My theater build project gets underway Monday. I can't wait to finally start. I love this forum. I have got a ton of information from
this site. And products from the classifieds!!!!! 

My equipment 
Panny 4000
Elite 110 AT screen
Denon 3311 ci
Kef C series. C7 fronts. C3 surrounds(4) and a t301c center. 

My question for this thread is this????

I want to hide all the speakers. I planned on building a front stage of studs and drywall with space for the fronts and cover the openings with AT material. The center channel will go behind the screen. The surrounds I was going to hide in some columns along the side and back of the theater. 

I have read that putting speakers in cabinets is not ideal. I don't want to get into a major money sapping situation either. Is it practical to do what I am thinking or am I better to leave everything in plain site. 

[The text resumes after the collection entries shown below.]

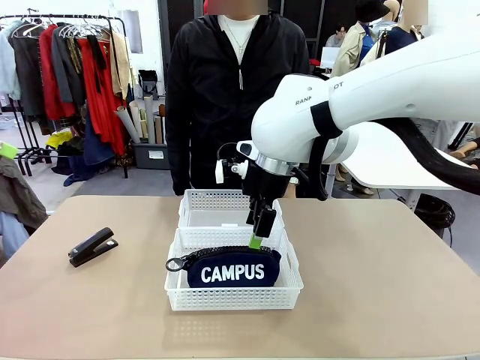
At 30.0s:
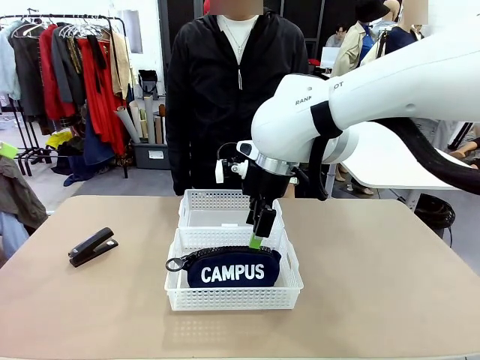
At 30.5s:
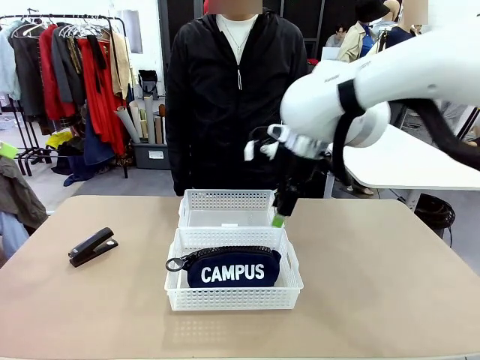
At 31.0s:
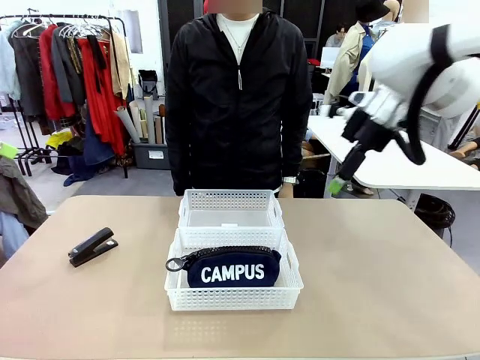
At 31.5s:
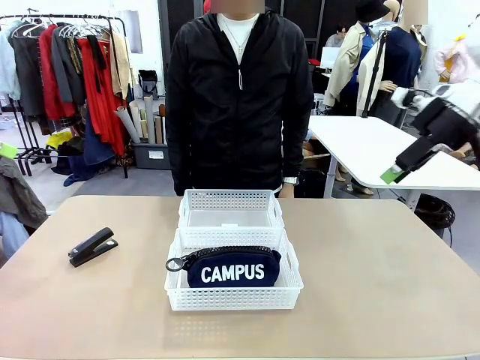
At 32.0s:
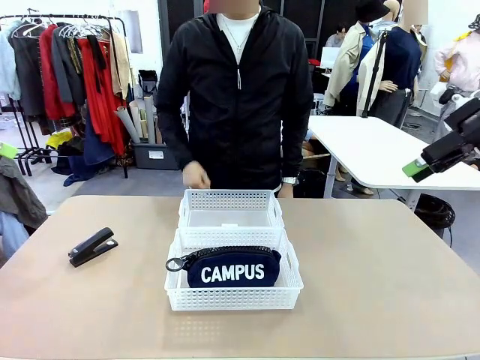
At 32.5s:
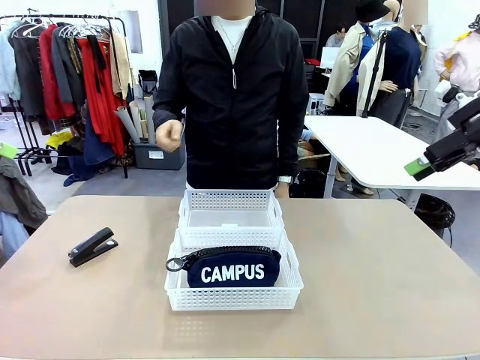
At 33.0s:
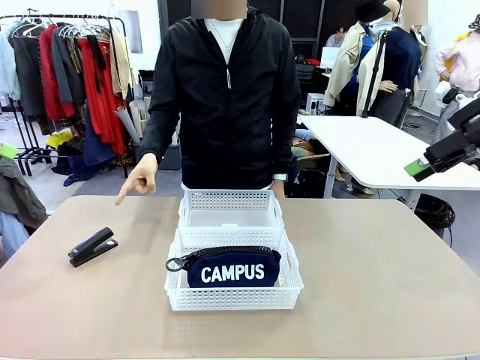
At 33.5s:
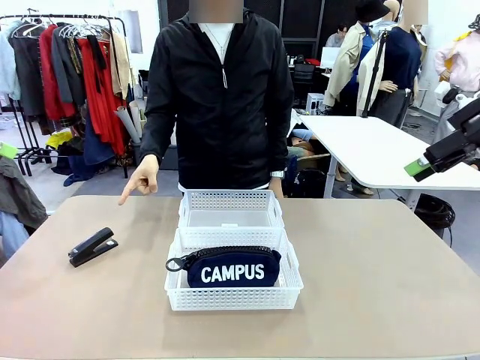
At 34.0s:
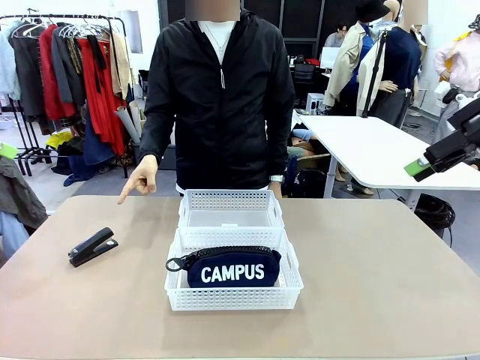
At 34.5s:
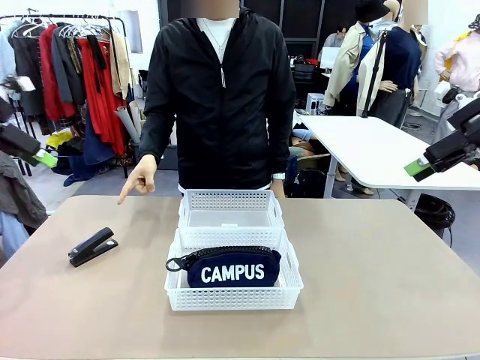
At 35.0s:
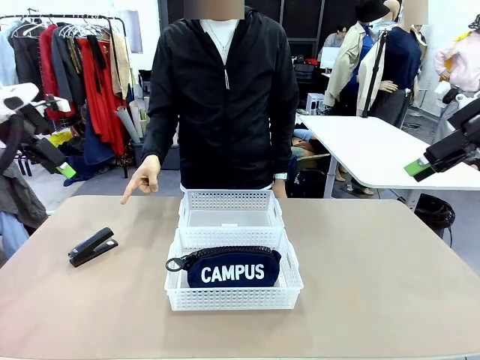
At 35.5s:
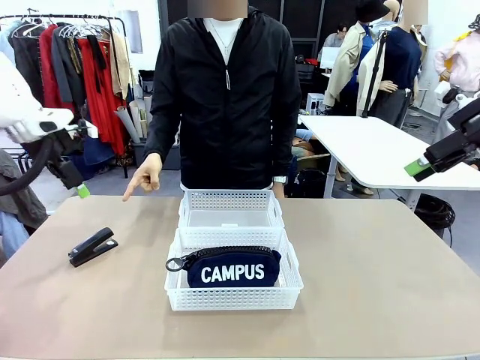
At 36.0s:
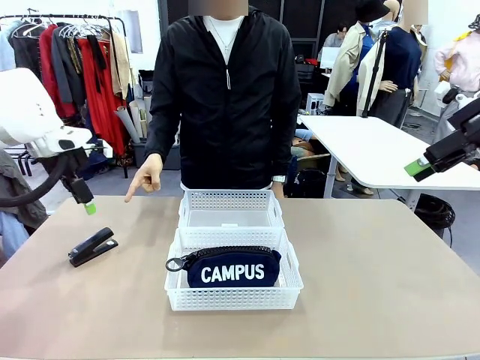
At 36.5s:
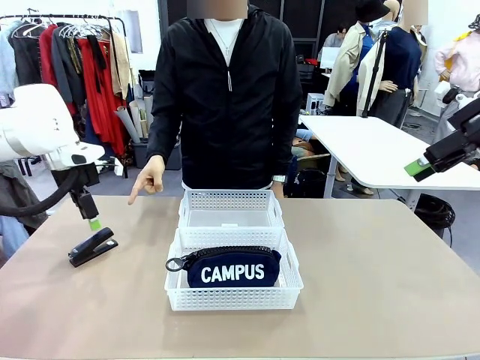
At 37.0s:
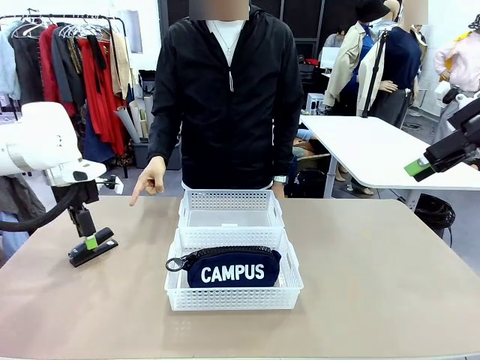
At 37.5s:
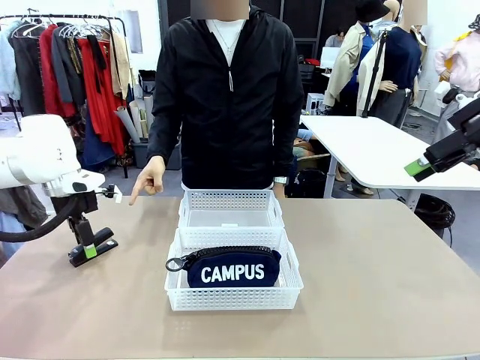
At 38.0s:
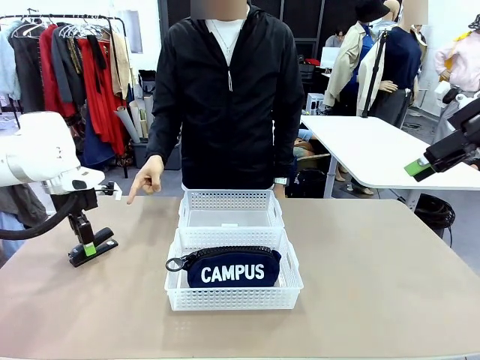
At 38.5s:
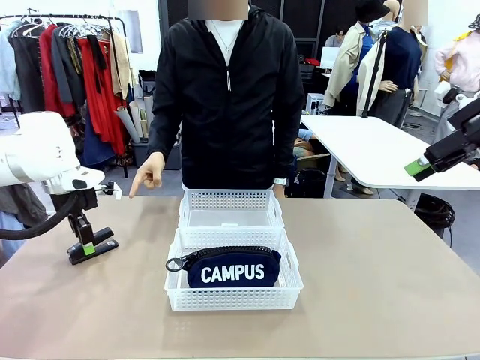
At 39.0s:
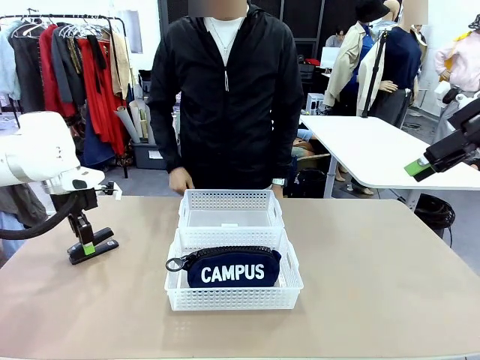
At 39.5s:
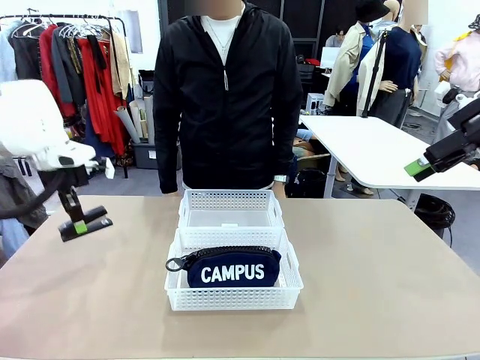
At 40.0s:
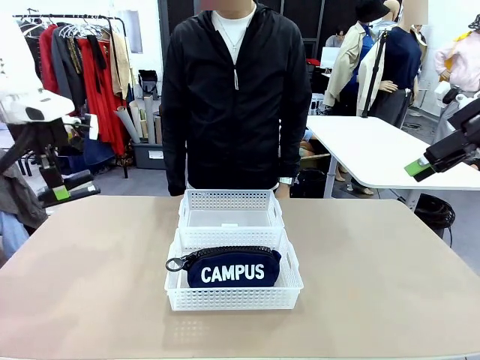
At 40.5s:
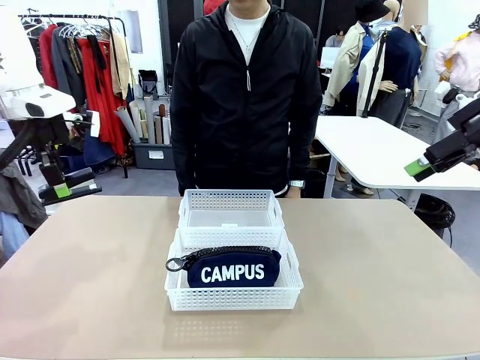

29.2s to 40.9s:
Task: Distribute items into two baskets.
Robot: Pick up the Stapler that the person points to.

Can't wait till Monday!!!!!!!!
Illl have lots of pics 

Thanks for everyone's help thus far.


----------



## robbo266317 (Sep 22, 2008)

Putting the speakers in a false wall is like surface mounting them. If they are not designed for it then you will get sub optimal results. One thing I have considered, but never pursued, is framing the false wall and covering it entirely in some AT style material. 
The benefit being that the room is not made smaller than necessary and you retain the conditions that the speakers were designed for.
If anyone has tried this I would be interested in hearing your results.


Cheers,
Bill


----------



## bpape (Sep 14, 2006)

Agreed. If you want to hide it all, just build a false wall and set the speakers behind it. It will perform much better and give you the clean look. The cost isn't all that high. Studs for one wall, cloth and framing material for the grilles to go over the front.

Bryan


----------



## Prof. (Oct 20, 2006)

I have just recently put in an AT screen in my false front wall..with the speakers mounted behind the screen..in a baffle wall..
Apart from making for a nice clean look, you get a very realistic sound stage where sounds pan smoothly across the entire screen and beyond!..You can also easily pinpoint where voices are coming from..


----------



## joonbug99 (Feb 24, 2011)

Prof,

What size screen are you using? Do you have all three fronts behind the screen. 

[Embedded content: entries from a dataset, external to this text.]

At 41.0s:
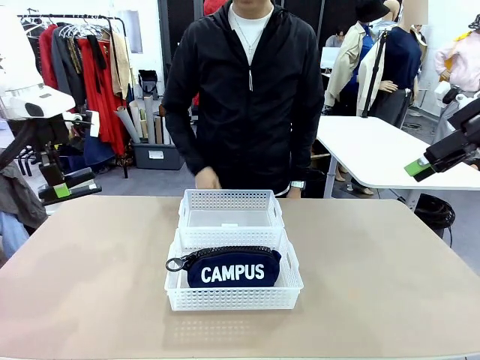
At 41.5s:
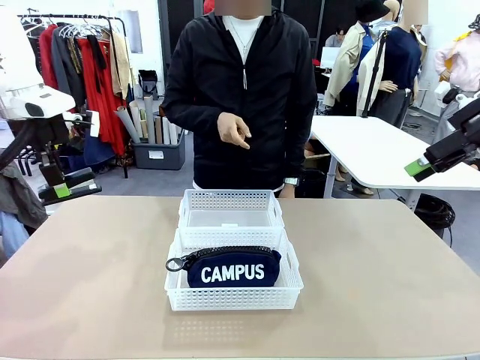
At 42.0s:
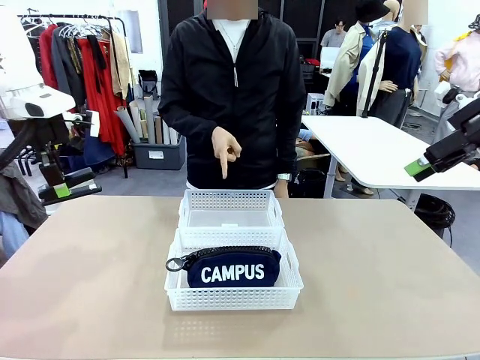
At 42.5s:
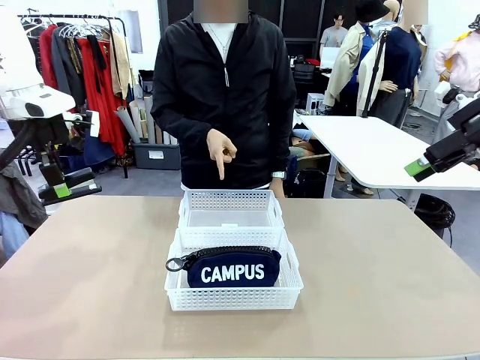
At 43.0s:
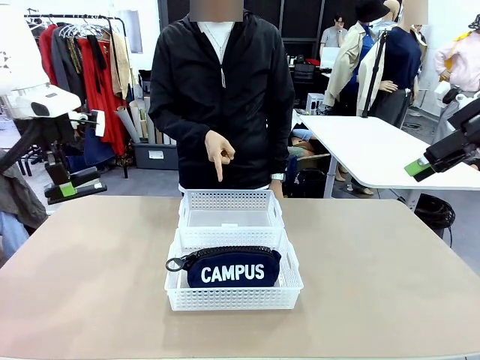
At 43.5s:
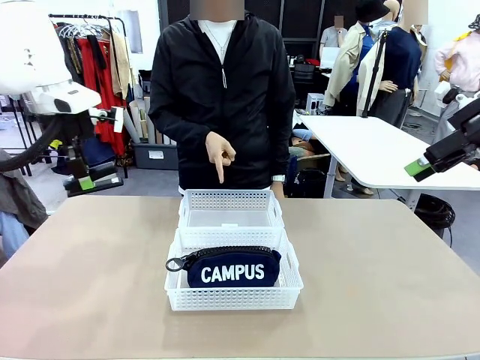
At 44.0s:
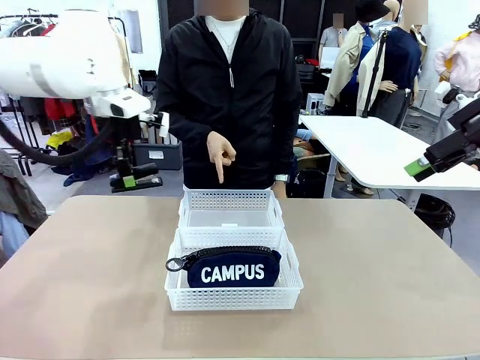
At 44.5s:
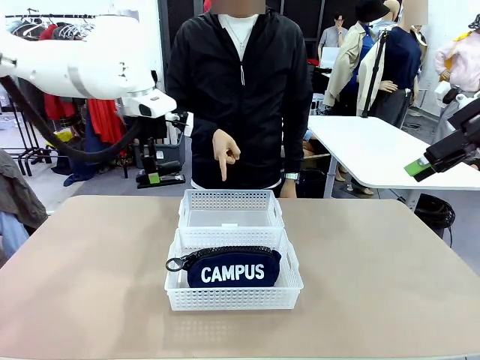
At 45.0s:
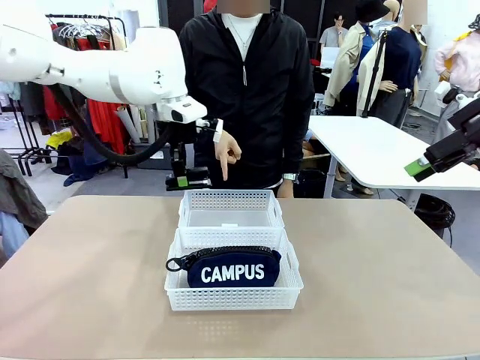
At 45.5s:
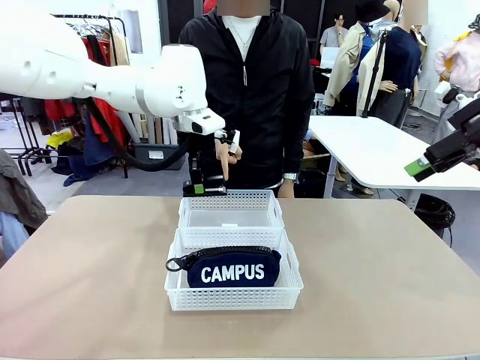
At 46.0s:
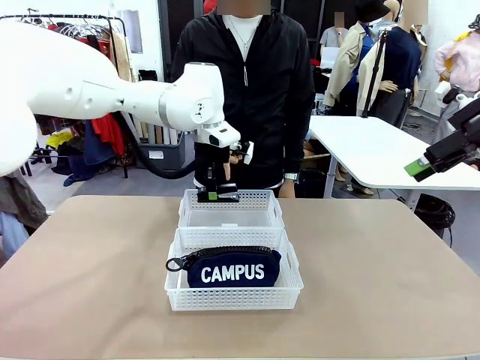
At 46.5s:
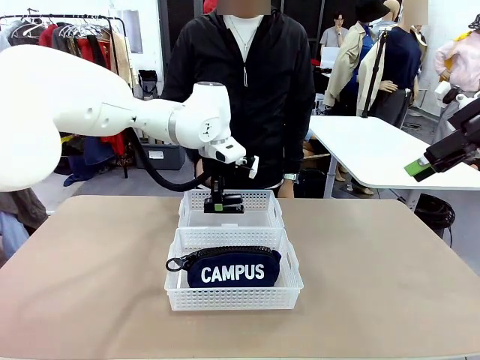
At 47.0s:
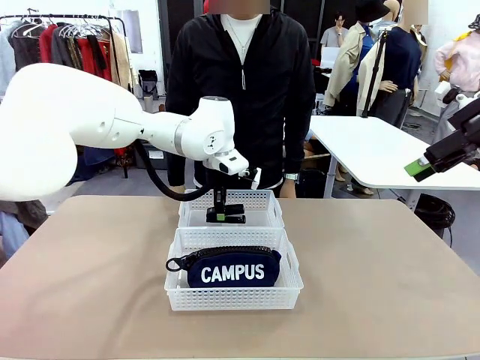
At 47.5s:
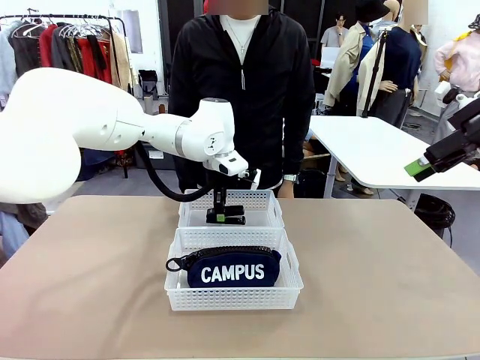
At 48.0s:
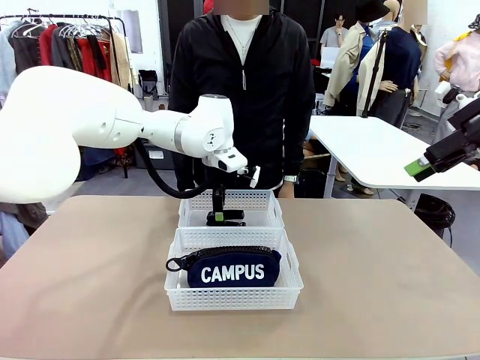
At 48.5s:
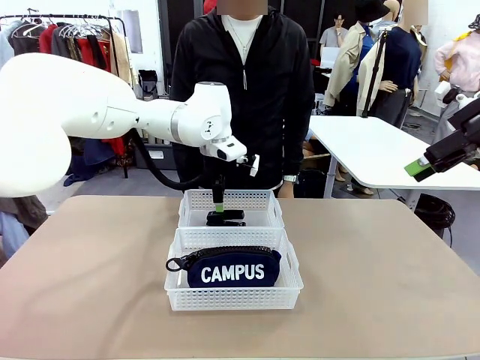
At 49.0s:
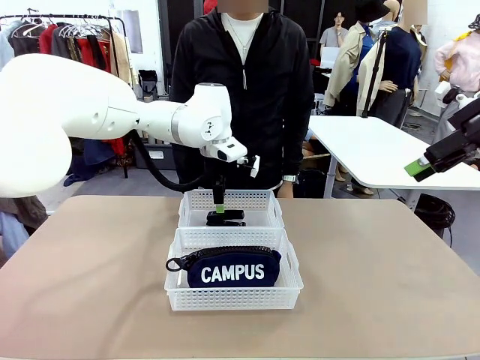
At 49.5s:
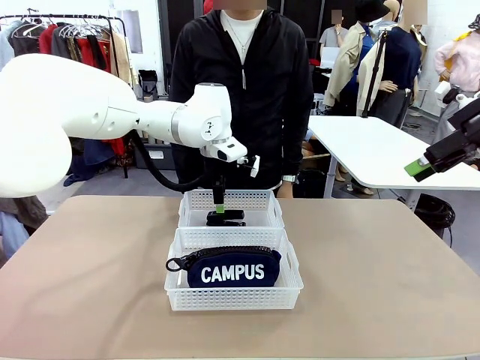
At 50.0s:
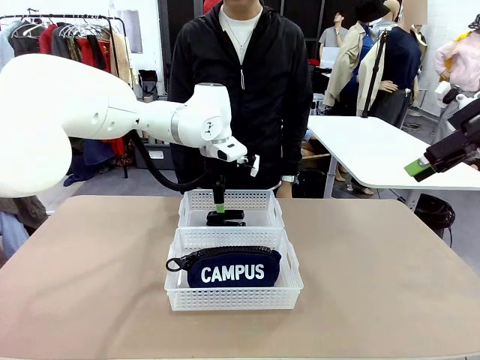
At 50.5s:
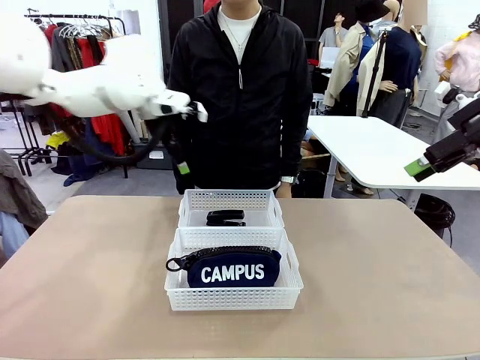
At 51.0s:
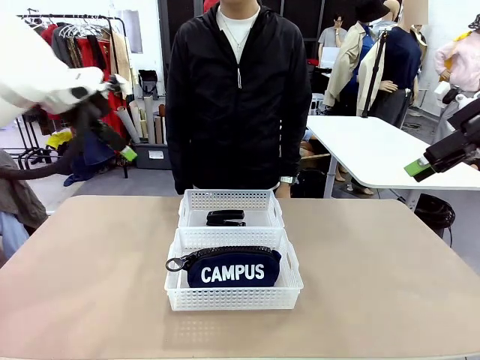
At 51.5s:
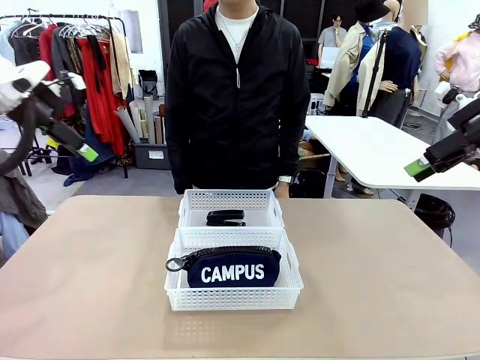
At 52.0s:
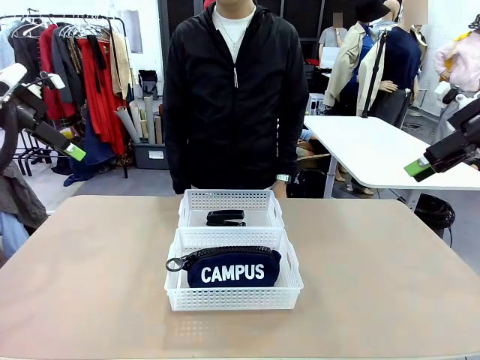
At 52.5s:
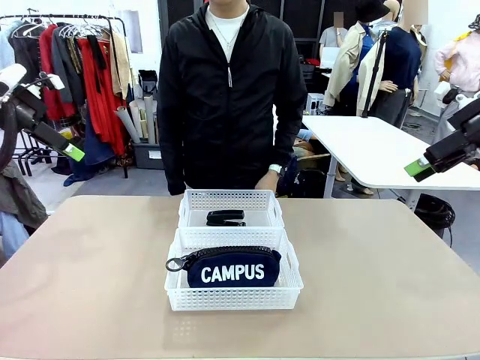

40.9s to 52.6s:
Robot: Place the picked Stapler into the Organizing basket as instructed by the person.
Person: Points to the basket that does not contain the pencil case and instructs the robot to move the stapler there.

My setup would be with a 110" screen and I wonder if that size ( almost 8' across ) gives enough separation between the three speakers????

Thought.


----------



## Prof. (Oct 20, 2006)

I have an 8'6" wide 2.39:1 CIH screen..All three fronts and sub are mounted behind the screen..
My L&R speakers are well inside the edges of the screen (being a scope screen) and are just inside the edges of a 16:9 image..


----------



## joonbug99 (Feb 24, 2011)

Prof,

Here is my setup with some dimensions. Please bare with me in my description. The screen has a 96" viewable area. The center channel is 23.5" long which leaves 36.25" from each edge to the outside edges of the viewable area. My R/L channel speakers are 8" wide. If I place them at the edge of the viewable area it leaves 28.25" of space between the center channel and each R/L. It leaves a total distance of 80" between the R/L channel. 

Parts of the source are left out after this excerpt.